There are other benefits to digitizing consumer interactions. Restaurants have a better idea about wait times. They are even feeding that data to third-party delivery companies so consumers can decide to pull an order if it will take too long. Consumers, meanwhile, increasingly have the choice of delivery or in-store pickup of app-based delivery. Dealing with human workers is becoming less a part of the equation.
When there is a wait time, one tool some restaurants are using to keep customers entertained are Internet-connected touchscreen tables and video screen floors. Rather than give the kids a pail filled with crayons and paper, restaurants can use table-based screens to pacify them. Such screens can also be used to offer some transparency. “In some cases, I’ve even seen them being used to have a chef-cam,” Weikel said. The screens can also be used to showcase different menu options based on the time of day.

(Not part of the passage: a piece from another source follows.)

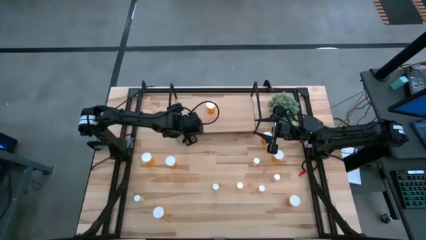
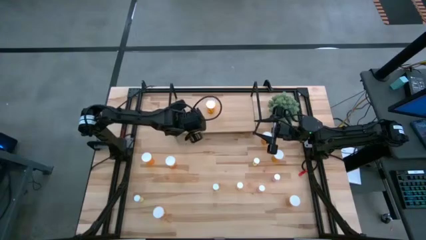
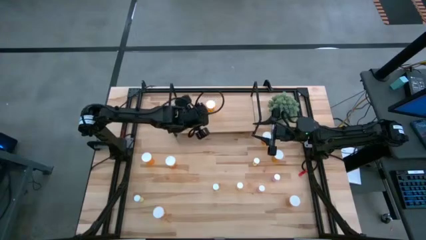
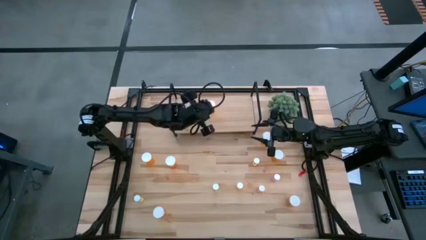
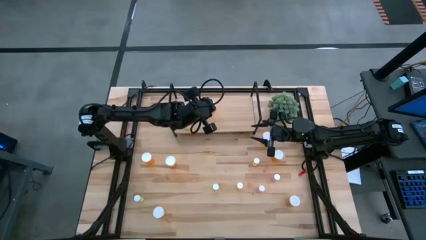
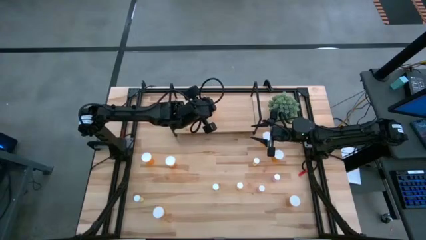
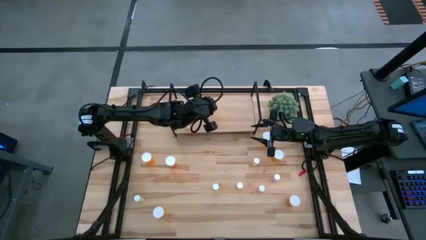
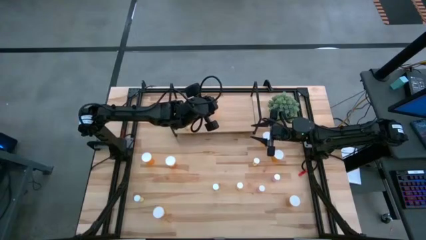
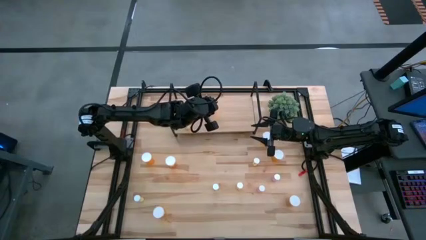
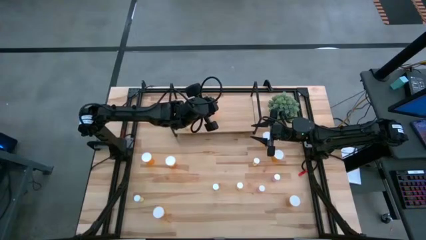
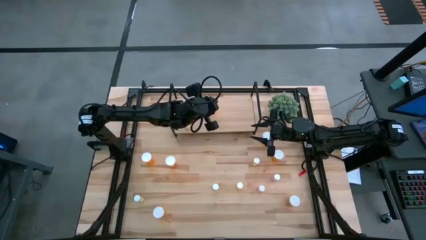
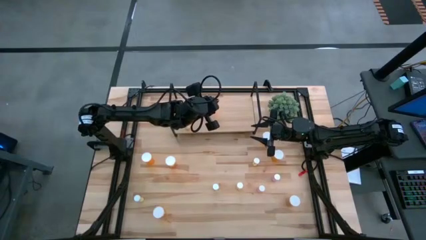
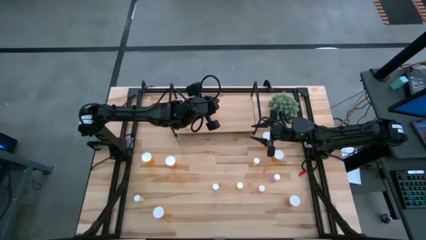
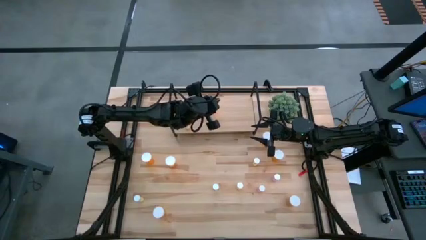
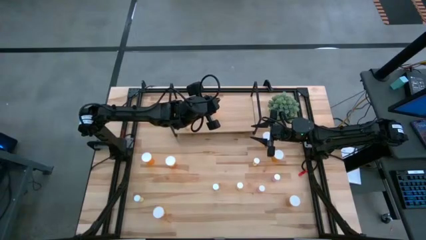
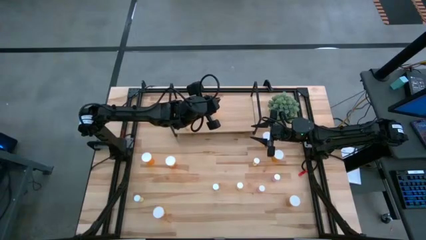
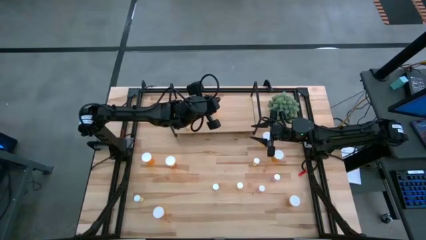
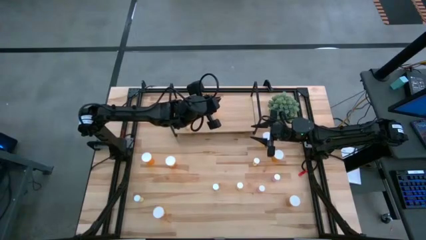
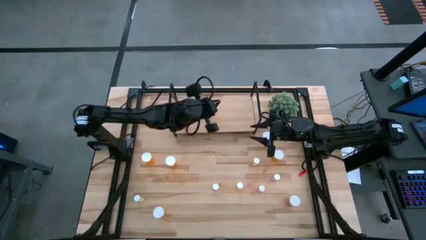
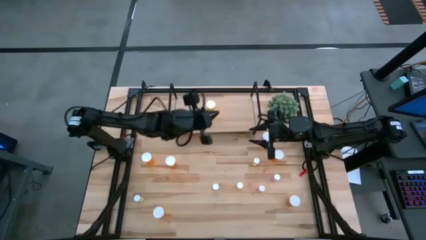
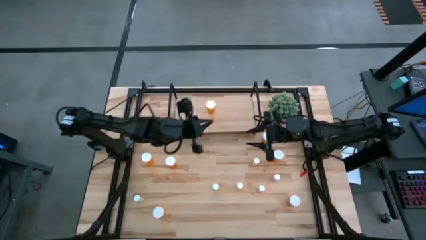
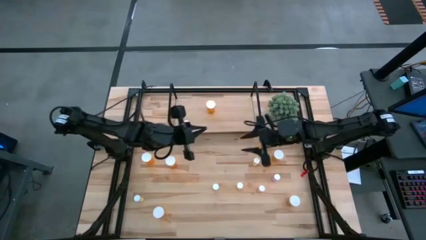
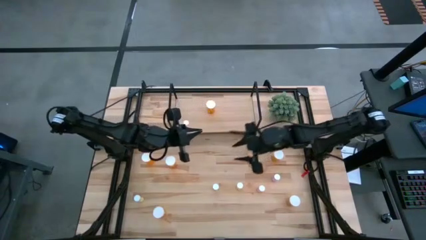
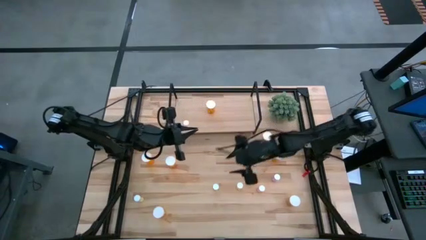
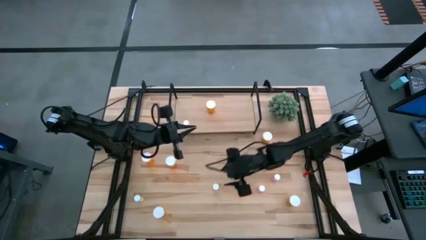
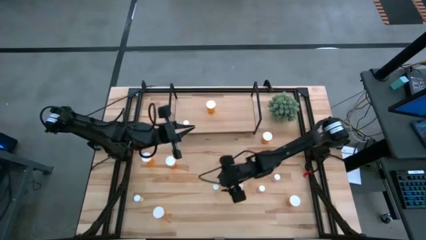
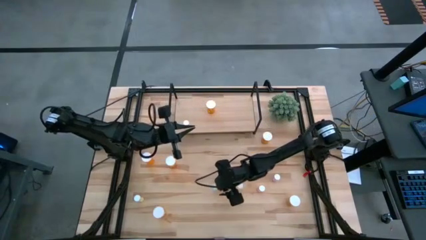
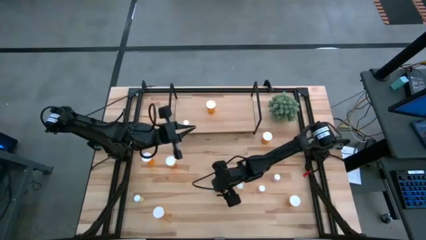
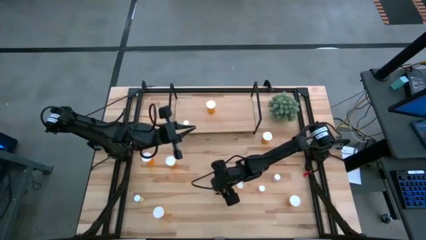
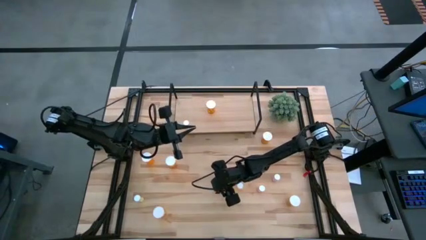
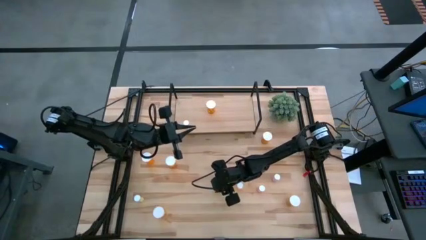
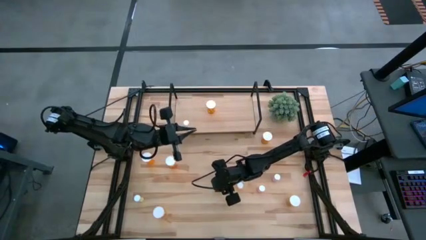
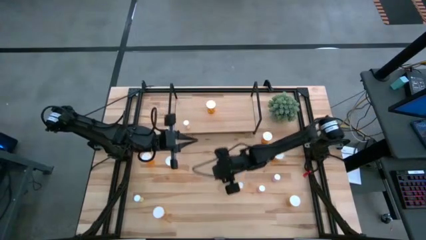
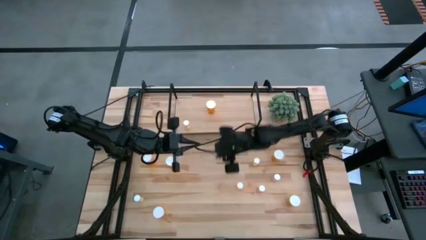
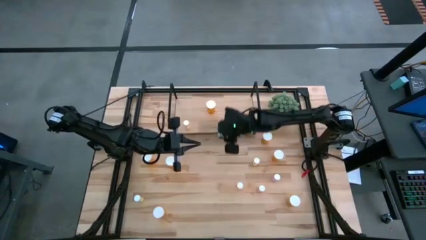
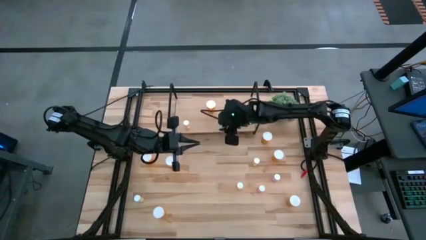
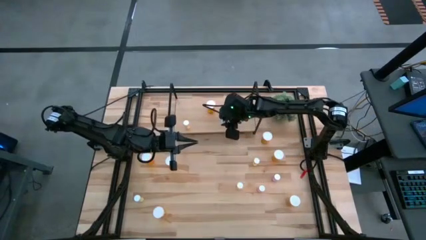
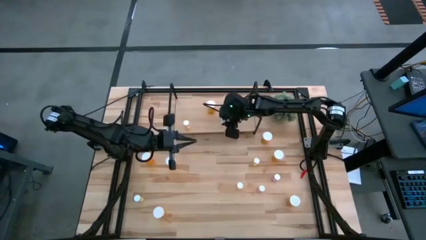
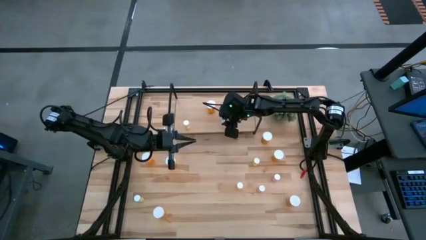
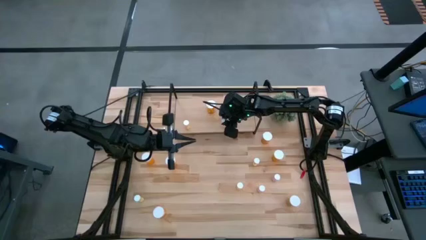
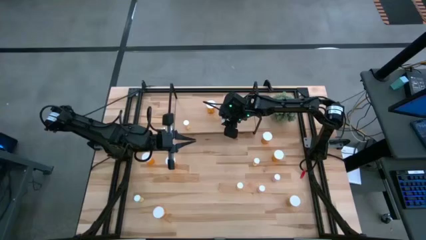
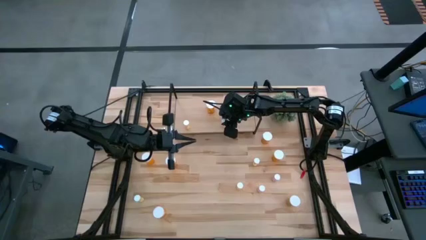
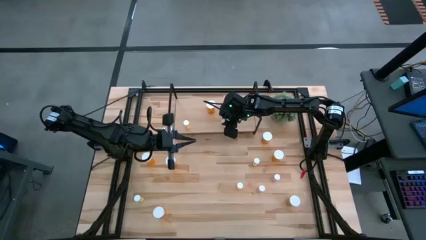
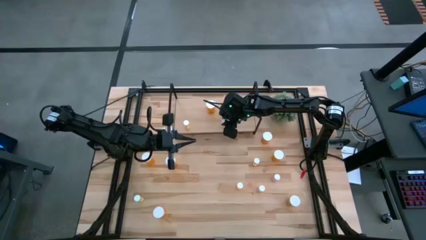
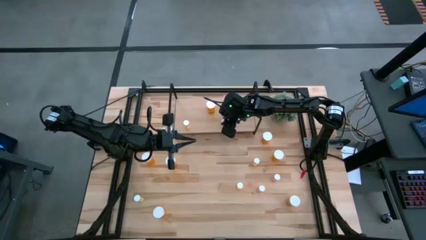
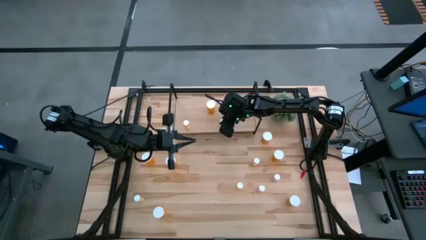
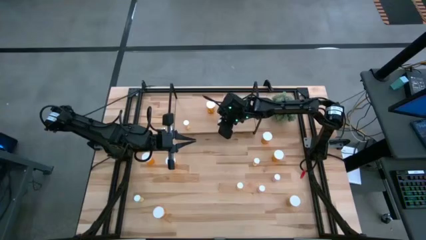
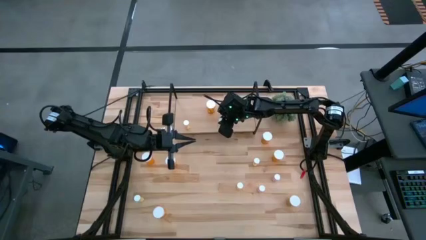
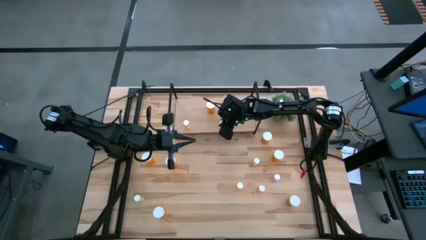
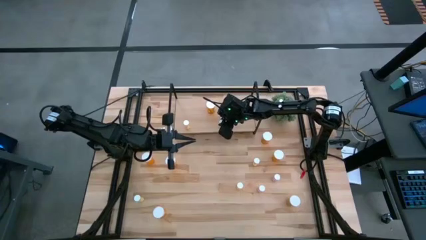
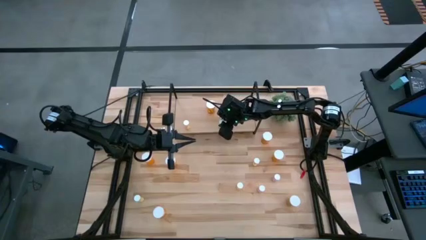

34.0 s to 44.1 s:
Task: Pick and place medicine bottles onto shelf by color
Put the small yellow pill bottle on the shelf

Of course, the idea of condensing the time from the thought of a burger to experiencing that burger isn’t always appealing. “It’s not a question of the consumer, it’s a question of the occasion,” said Weikel. “Think about Millennials. Sometimes they have a lot going on and they want that seamless experience, but other times they want that socialization. They want to connect over a meal and they want that hospitality.”
Rather than just make fast food faster, digitization will offer consumers more choices. Some restaurants are even providing small boxes where consumers can store their phones during meals for more of an unplugged experience.
“There are two types of dining experiences -- nourishment dining experiences and experience dining experiences,” said Julian. “I don’t think robots are going to play a role in ‘I’m going out to celebrate my birthday’ experiences.”